A perícia oficial do Instituto de Criminalística, utilizando análise técnica de fonética e acústica, não conseguiu confirmar a presença do termo ofensivo no áudio. A defesa sustentava que a expressão proferida foi "paca véa", não "macaco velho".
Diante da inconclusividade da perícia oficial, os investigadores da Polícia Civil de São Paulo tomaram uma decisão inédita: submeteram o vídeo às ferramentas de IA generativa Gemini (Google) e Perplexity. Os relatórios gerados por essas ferramentas concluíram que a expressão ofensiva havia sido proferida, e esse material foi a principal base para o oferecimento da denúncia pelo Ministério Público de São Paulo em agosto de 2025.
Fontes: Agência Brasil - STJ rejeita uso de inteligência artificial como prova em ação penal | Conjur - Laudo feito por IA generativa não pode embasar denúncia, diz STJ
Os três pilares da decisão do ministro Reynaldo Soares da Fonseca
1. A natureza probabilística da IA generativa.
O ministro foi direto ao identificar o problema central: ferramentas de IA generativa operam com base em probabilidades e padrões estatísticos, não em análise técnica verificável. Em suas palavras, "um dos riscos inerentes à utilização da inteligência artificial generativa é a alucinação, que consiste na apresentação de informações imprecisas, irreais ou fabricadas, porém com aparência de fidedignidade".
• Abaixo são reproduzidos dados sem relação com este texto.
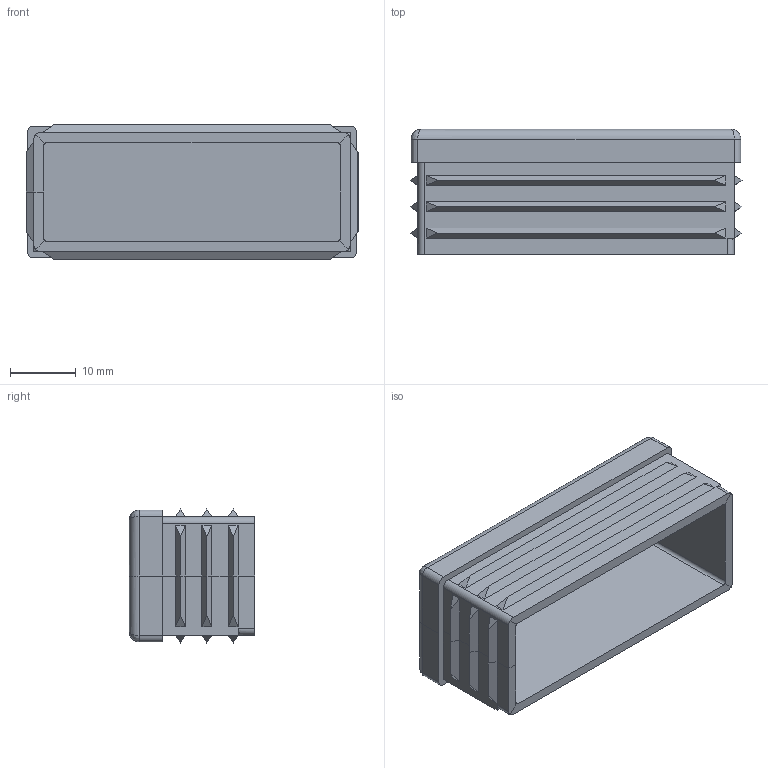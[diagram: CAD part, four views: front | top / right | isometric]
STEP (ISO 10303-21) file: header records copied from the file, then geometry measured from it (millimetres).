
FILE_DESCRIPTION (( 'STEP AP203' ), '1' );
FILE_NAME ('3D_GV1719_50x20x1_188686435.STEP', '2024-10-03T15:11:41', ( '' ), ( '' ), 'SwSTEP 2.0', 'SolidWorks 2024', '' );
FILE_SCHEMA (( 'CONFIG_CONTROL_DESIGN' ));
Length unit declared in the file: millimetre
Products named in the file (1): 3D_GV1719_50x20x1_188686435
Bounding box: 50.35 x 19 x 20.35 mm (x, y, z)
Volume: 6534.9 mm3; surface area: 6796.2 mm2
Topology: 1 solids, 1 shells, 104 faces, 253 edges, 157 vertices
Faces by surface type: plane 83, cylinder 17, bspline 4
Entity records: 3172 total; most frequent: CARTESIAN_POINT 717, ORIENTED_EDGE 498, DIRECTION 467, EDGE_CURVE 249, LINE 205, VECTOR 205, VERTEX_POINT 157, AXIS2_PLACEMENT_3D 131
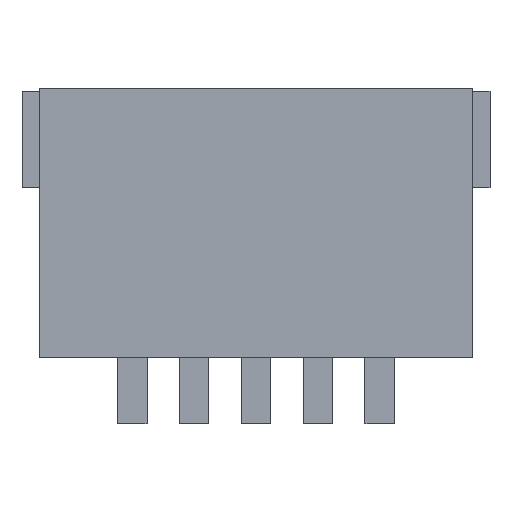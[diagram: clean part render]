
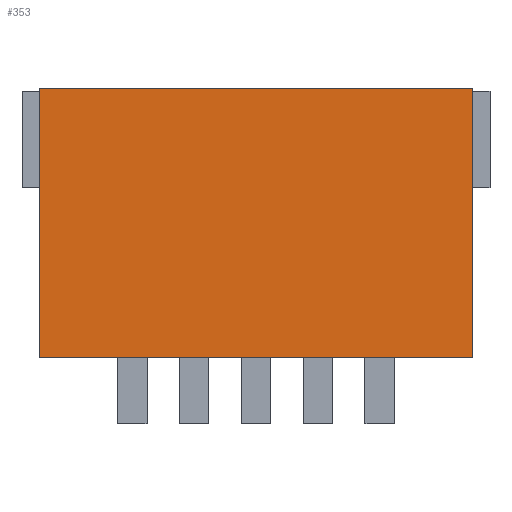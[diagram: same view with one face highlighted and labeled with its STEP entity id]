
A CAD part, top view. The second image highlights one B-rep face of the part: STEP entity #353.
In plain terms, the highlighted planar face has unit normal (0, 0, 1).
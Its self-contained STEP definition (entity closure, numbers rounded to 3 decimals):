
#39 = VERTEX_POINT('',#40);
#40 = CARTESIAN_POINT('',(-3.5,-2.175,3.15));
#47 = PLANE('',#48);
#48 = AXIS2_PLACEMENT_3D('',#49,#50,#51);
#49 = CARTESIAN_POINT('',(-3.5,-2.175,0.));
#50 = DIRECTION('',(0.,1.,0.));
#51 = DIRECTION('',(1.,0.,0.));
#59 = PLANE('',#60);
#60 = AXIS2_PLACEMENT_3D('',#61,#62,#63);
#61 = CARTESIAN_POINT('',(-3.5,2.175,0.));
#62 = DIRECTION('',(1.,0.,-0.));
#63 = DIRECTION('',(0.,-1.,0.));
#71 = EDGE_CURVE('',#39,#72,#74,.T.);
#72 = VERTEX_POINT('',#73);
#73 = CARTESIAN_POINT('',(3.5,-2.175,3.15));
#74 = SURFACE_CURVE('',#75,(#79,#86),.PCURVE_S1.);
#75 = LINE('',#76,#77);
#76 = CARTESIAN_POINT('',(-3.5,-2.175,3.15));
#77 = VECTOR('',#78,1.);
#78 = DIRECTION('',(1.,0.,0.));
#79 = PCURVE('',#47,#80);
#80 = DEFINITIONAL_REPRESENTATION('',(#81),#85);
#81 = LINE('',#82,#83);
#82 = CARTESIAN_POINT('',(0.,-3.15));
#83 = VECTOR('',#84,1.);
#84 = DIRECTION('',(1.,0.));
#85 = ( GEOMETRIC_REPRESENTATION_CONTEXT(2) 
PARAMETRIC_REPRESENTATION_CONTEXT() REPRESENTATION_CONTEXT('2D SPACE',''
  ) );
#86 = PCURVE('',#87,#92);
#87 = PLANE('',#88);
#88 = AXIS2_PLACEMENT_3D('',#89,#90,#91);
#89 = CARTESIAN_POINT('',(0.,0.,3.15));
#90 = DIRECTION('',(0.,0.,1.));
#91 = DIRECTION('',(1.,0.,0.));
#92 = DEFINITIONAL_REPRESENTATION('',(#93),#97);
#93 = LINE('',#94,#95);
#94 = CARTESIAN_POINT('',(-3.5,-2.175));
#95 = VECTOR('',#96,1.);
#96 = DIRECTION('',(1.,0.));
#97 = ( GEOMETRIC_REPRESENTATION_CONTEXT(2) 
PARAMETRIC_REPRESENTATION_CONTEXT() REPRESENTATION_CONTEXT('2D SPACE',''
  ) );
#115 = PLANE('',#116);
#116 = AXIS2_PLACEMENT_3D('',#117,#118,#119);
#117 = CARTESIAN_POINT('',(3.5,-2.175,0.));
#118 = DIRECTION('',(-1.,0.,0.));
#119 = DIRECTION('',(0.,1.,0.));
#157 = EDGE_CURVE('',#72,#158,#160,.T.);
#158 = VERTEX_POINT('',#159);
#159 = CARTESIAN_POINT('',(3.5,2.175,3.15));
#160 = SURFACE_CURVE('',#161,(#165,#172),.PCURVE_S1.);
#161 = LINE('',#162,#163);
#162 = CARTESIAN_POINT('',(3.5,-2.175,3.15));
#163 = VECTOR('',#164,1.);
#164 = DIRECTION('',(0.,1.,0.));
#165 = PCURVE('',#115,#166);
#166 = DEFINITIONAL_REPRESENTATION('',(#167),#171);
#167 = LINE('',#168,#169);
#168 = CARTESIAN_POINT('',(0.,-3.15));
#169 = VECTOR('',#170,1.);
#170 = DIRECTION('',(1.,0.));
#171 = ( GEOMETRIC_REPRESENTATION_CONTEXT(2) 
PARAMETRIC_REPRESENTATION_CONTEXT() REPRESENTATION_CONTEXT('2D SPACE',''
  ) );
#172 = PCURVE('',#87,#173);
#173 = DEFINITIONAL_REPRESENTATION('',(#174),#178);
#174 = LINE('',#175,#176);
#175 = CARTESIAN_POINT('',(3.5,-2.175));
#176 = VECTOR('',#177,1.);
#177 = DIRECTION('',(0.,1.));
#178 = ( GEOMETRIC_REPRESENTATION_CONTEXT(2) 
PARAMETRIC_REPRESENTATION_CONTEXT() REPRESENTATION_CONTEXT('2D SPACE',''
  ) );
#196 = PLANE('',#197);
#197 = AXIS2_PLACEMENT_3D('',#198,#199,#200);
#198 = CARTESIAN_POINT('',(3.5,2.175,0.));
#199 = DIRECTION('',(0.,-1.,0.));
#200 = DIRECTION('',(-1.,0.,0.));
#233 = EDGE_CURVE('',#158,#234,#236,.T.);
#234 = VERTEX_POINT('',#235);
#235 = CARTESIAN_POINT('',(-3.5,2.175,3.15));
#236 = SURFACE_CURVE('',#237,(#241,#248),.PCURVE_S1.);
#237 = LINE('',#238,#239);
#238 = CARTESIAN_POINT('',(3.5,2.175,3.15));
#239 = VECTOR('',#240,1.);
#240 = DIRECTION('',(-1.,0.,0.));
#241 = PCURVE('',#196,#242);
#242 = DEFINITIONAL_REPRESENTATION('',(#243),#247);
#243 = LINE('',#244,#245);
#244 = CARTESIAN_POINT('',(0.,-3.15));
#245 = VECTOR('',#246,1.);
#246 = DIRECTION('',(1.,0.));
#247 = ( GEOMETRIC_REPRESENTATION_CONTEXT(2) 
PARAMETRIC_REPRESENTATION_CONTEXT() REPRESENTATION_CONTEXT('2D SPACE',''
  ) );
#248 = PCURVE('',#87,#249);
#249 = DEFINITIONAL_REPRESENTATION('',(#250),#254);
#250 = LINE('',#251,#252);
#251 = CARTESIAN_POINT('',(3.5,2.175));
#252 = VECTOR('',#253,1.);
#253 = DIRECTION('',(-1.,0.));
#254 = ( GEOMETRIC_REPRESENTATION_CONTEXT(2) 
PARAMETRIC_REPRESENTATION_CONTEXT() REPRESENTATION_CONTEXT('2D SPACE',''
  ) );
#304 = EDGE_CURVE('',#234,#39,#305,.T.);
#305 = SURFACE_CURVE('',#306,(#310,#317),.PCURVE_S1.);
#306 = LINE('',#307,#308);
#307 = CARTESIAN_POINT('',(-3.5,2.175,3.15));
#308 = VECTOR('',#309,1.);
#309 = DIRECTION('',(0.,-1.,0.));
#310 = PCURVE('',#59,#311);
#311 = DEFINITIONAL_REPRESENTATION('',(#312),#316);
#312 = LINE('',#313,#314);
#313 = CARTESIAN_POINT('',(0.,-3.15));
#314 = VECTOR('',#315,1.);
#315 = DIRECTION('',(1.,0.));
#316 = ( GEOMETRIC_REPRESENTATION_CONTEXT(2) 
PARAMETRIC_REPRESENTATION_CONTEXT() REPRESENTATION_CONTEXT('2D SPACE',''
  ) );
#317 = PCURVE('',#87,#318);
#318 = DEFINITIONAL_REPRESENTATION('',(#319),#323);
#319 = LINE('',#320,#321);
#320 = CARTESIAN_POINT('',(-3.5,2.175));
#321 = VECTOR('',#322,1.);
#322 = DIRECTION('',(0.,-1.));
#323 = ( GEOMETRIC_REPRESENTATION_CONTEXT(2) 
PARAMETRIC_REPRESENTATION_CONTEXT() REPRESENTATION_CONTEXT('2D SPACE',''
  ) );
#353 = ADVANCED_FACE('',(#354),#87,.T.);
#354 = FACE_BOUND('',#355,.T.);
#355 = EDGE_LOOP('',(#356,#357,#358,#359));
#356 = ORIENTED_EDGE('',*,*,#71,.T.);
#357 = ORIENTED_EDGE('',*,*,#157,.T.);
#358 = ORIENTED_EDGE('',*,*,#233,.T.);
#359 = ORIENTED_EDGE('',*,*,#304,.T.);
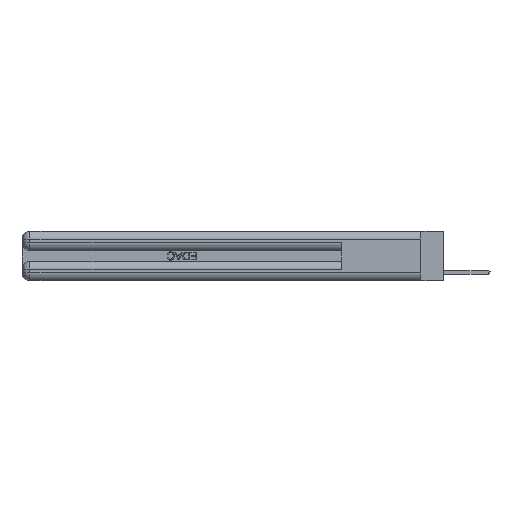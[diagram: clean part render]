
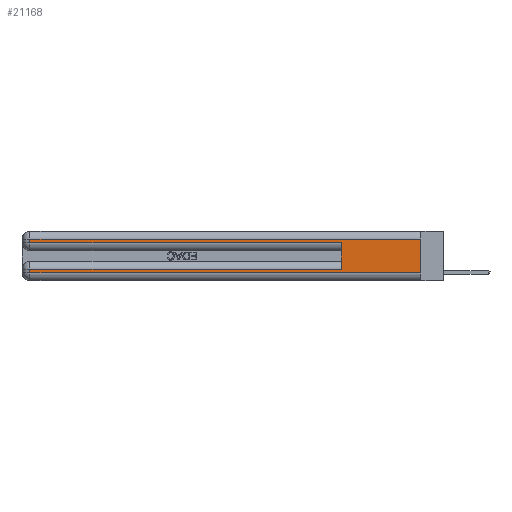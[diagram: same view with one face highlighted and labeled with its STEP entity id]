
A CAD part, left-side view. The second image highlights one B-rep face of the part: STEP entity #21168.
In plain terms, the highlighted planar face has unit normal (-1, 0, 0).
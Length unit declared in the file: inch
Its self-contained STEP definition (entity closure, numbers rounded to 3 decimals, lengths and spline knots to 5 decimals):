
#156 = EDGE_CURVE ( 'NONE', #12976, #21905, #11387, .T. ) ;
#824 = ORIENTED_EDGE ( 'NONE', *, *, #5804, .T. ) ;
#3301 = LINE ( 'NONE', #17175, #26143 ) ;
#3465 = VERTEX_POINT ( 'NONE', #27212 ) ;
#3809 = CARTESIAN_POINT ( 'NONE',  ( 0., 0., 0.085 ) ) ;
#4952 = DIRECTION ( 'NONE',  ( 1., 0., 0. ) ) ;
#5330 = EDGE_LOOP ( 'NONE', ( #23849, #28858, #27962, #23962, #30221, #824, #10762, #29616 ) ) ;
#5804 = EDGE_CURVE ( 'NONE', #8196, #12599, #11624, .T. ) ;
#6234 = CARTESIAN_POINT ( 'NONE',  ( 0., 2.94, 0.285 ) ) ;
#8196 = VERTEX_POINT ( 'NONE', #13764 ) ;
#8489 = DIRECTION ( 'NONE',  ( 0., 0., -1. ) ) ;
#8817 = CARTESIAN_POINT ( 'NONE',  ( 0., 2.94, 0.37 ) ) ;
#8851 = DIRECTION ( 'NONE',  ( 0., 1., 0. ) ) ;
#9148 = EDGE_CURVE ( 'NONE', #12599, #31782, #27277, .T. ) ;
#9335 = LINE ( 'NONE', #20076, #27501 ) ;
#9567 = EDGE_CURVE ( 'NONE', #12976, #23255, #16156, .T. ) ;
#9938 = EDGE_CURVE ( 'NONE', #8196, #3465, #13004, .T. ) ;
#10066 = VERTEX_POINT ( 'NONE', #6234 ) ;
#10087 = EDGE_CURVE ( 'NONE', #23255, #10066, #21977, .T. ) ;
#10762 = ORIENTED_EDGE ( 'NONE', *, *, #9148, .T. ) ;
#10959 = CARTESIAN_POINT ( 'NONE',  ( 0., 0., 0.31 ) ) ;
#11387 = LINE ( 'NONE', #30292, #15437 ) ;
#11624 = LINE ( 'NONE', #3809, #13275 ) ;
#12100 = DIRECTION ( 'NONE',  ( 0., -1., 0. ) ) ;
#12599 = VERTEX_POINT ( 'NONE', #21754 ) ;
#12920 = VECTOR ( 'NONE', #17219, 39.37008 ) ;
#12926 = DIRECTION ( 'NONE',  ( 0., 0., -1. ) ) ;
#12976 = VERTEX_POINT ( 'NONE', #18613 ) ;
#13004 = LINE ( 'NONE', #13348, #17984 ) ;
#13275 = VECTOR ( 'NONE', #8851, 39.37008 ) ;
#13348 = CARTESIAN_POINT ( 'NONE',  ( 0., 0.6, 0.145 ) ) ;
#13723 = DIRECTION ( 'NONE',  ( 0., -1., 0. ) ) ;
#13764 = CARTESIAN_POINT ( 'NONE',  ( 0., 0.6, 0.085 ) ) ;
#15437 = VECTOR ( 'NONE', #21789, 39.37008 ) ;
#15693 = FACE_OUTER_BOUND ( 'NONE', #5330, .T. ) ;
#16156 = LINE ( 'NONE', #10959, #21302 ) ;
#17175 = CARTESIAN_POINT ( 'NONE',  ( 0., 0., 0.06 ) ) ;
#17219 = DIRECTION ( 'NONE',  ( 0., 0., -1. ) ) ;
#17273 = CARTESIAN_POINT ( 'NONE',  ( 0., 2.94, 0.31 ) ) ;
#17588 = AXIS2_PLACEMENT_3D ( 'NONE', #34260, #4952, #12926 ) ;
#17984 = VECTOR ( 'NONE', #23922, 39.37008 ) ;
#18613 = CARTESIAN_POINT ( 'NONE',  ( 0., 0., 0.31 ) ) ;
#18919 = EDGE_CURVE ( 'NONE', #31782, #21905, #3301, .T. ) ;
#20076 = CARTESIAN_POINT ( 'NONE',  ( 0., 0., 0.285 ) ) ;
#20544 = PLANE ( 'NONE',  #17588 ) ;
#20573 = EDGE_CURVE ( 'NONE', #10066, #3465, #9335, .T. ) ;
#21168 = ADVANCED_FACE ( 'NONE', ( #15693 ), #20544, .F. ) ;
#21302 = VECTOR ( 'NONE', #21529, 39.37008 ) ;
#21529 = DIRECTION ( 'NONE',  ( 0., 1., 0. ) ) ;
#21754 = CARTESIAN_POINT ( 'NONE',  ( 0., 2.94, 0.085 ) ) ;
#21789 = DIRECTION ( 'NONE',  ( 0., 0., -1. ) ) ;
#21905 = VERTEX_POINT ( 'NONE', #29103 ) ;
#21977 = LINE ( 'NONE', #8817, #28514 ) ;
#23255 = VERTEX_POINT ( 'NONE', #17273 ) ;
#23849 = ORIENTED_EDGE ( 'NONE', *, *, #156, .F. ) ;
#23922 = DIRECTION ( 'NONE',  ( 0., 0., 1. ) ) ;
#23962 = ORIENTED_EDGE ( 'NONE', *, *, #20573, .T. ) ;
#26143 = VECTOR ( 'NONE', #13723, 39.37008 ) ;
#27212 = CARTESIAN_POINT ( 'NONE',  ( 0., 0.6, 0.285 ) ) ;
#27277 = LINE ( 'NONE', #30406, #12920 ) ;
#27501 = VECTOR ( 'NONE', #12100, 39.37008 ) ;
#27904 = CARTESIAN_POINT ( 'NONE',  ( 0., 2.94, 0.06 ) ) ;
#27962 = ORIENTED_EDGE ( 'NONE', *, *, #10087, .T. ) ;
#28514 = VECTOR ( 'NONE', #8489, 39.37008 ) ;
#28858 = ORIENTED_EDGE ( 'NONE', *, *, #9567, .T. ) ;
#29103 = CARTESIAN_POINT ( 'NONE',  ( 0., 0., 0.06 ) ) ;
#29616 = ORIENTED_EDGE ( 'NONE', *, *, #18919, .T. ) ;
#30221 = ORIENTED_EDGE ( 'NONE', *, *, #9938, .F. ) ;
#30292 = CARTESIAN_POINT ( 'NONE',  ( 0., 0., 0.37 ) ) ;
#30406 = CARTESIAN_POINT ( 'NONE',  ( 0., 2.94, 0.37 ) ) ;
#31782 = VERTEX_POINT ( 'NONE', #27904 ) ;
#34260 = CARTESIAN_POINT ( 'NONE',  ( 0., 0., 0.37 ) ) ;
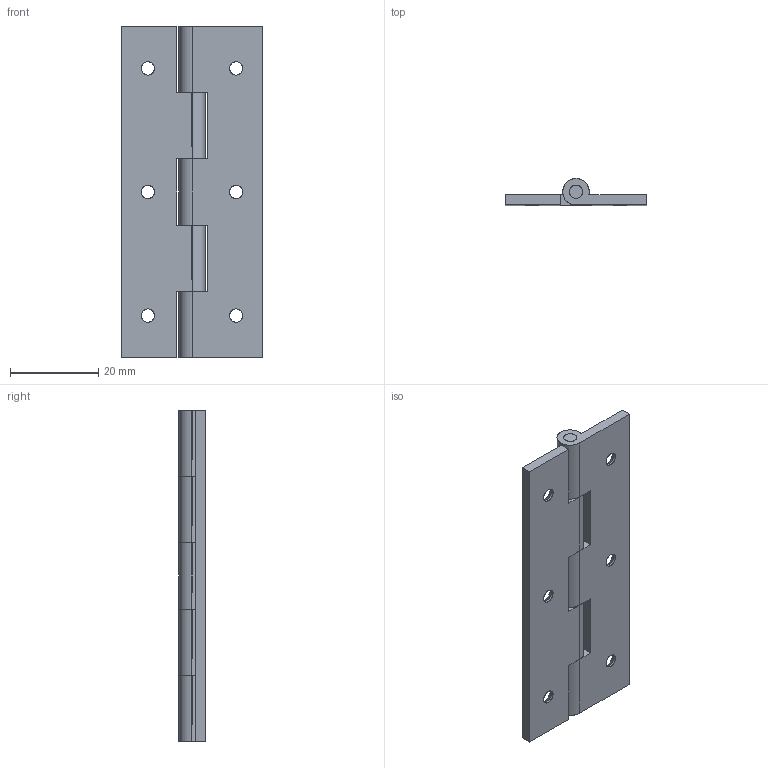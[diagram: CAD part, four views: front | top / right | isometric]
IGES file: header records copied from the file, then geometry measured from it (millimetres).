
Start section: SolidWorks IGES file using analytic representation for surfaces
Global section: file name: B-202-6.IGS; native system: SolidWorks 2007; preprocessor: SolidWorks 2007; author: 3sw; date: 081126.110723; units: millimetre
Bounding box: 32 x 6 x 75 mm (x, y, z)
Surface area: 7483.7 mm2 (no closed solid volume)
Topology: 0 solids, 0 shells, 76 faces, 1336 edges, 1336 vertices
Faces by surface type: revolution 51, bspline 25

2. O viés de confirmação institucional.
Talvez o ponto mais contundente da decisão, o ministro criticou o que chamou de "viés de confirmação institucional". Os investigadores já tinham uma tese (de que o insulto ocorreu) e usaram a IA para confirmá-la, descartando a conclusão contrária da perícia oficial. Nas palavras do relator: "a substituição de um juízo técnico por conclusões oriundas de inteligência artificial generativa evidenciam um viés de confirmação institucional".
3. A inadequação técnica das ferramentas.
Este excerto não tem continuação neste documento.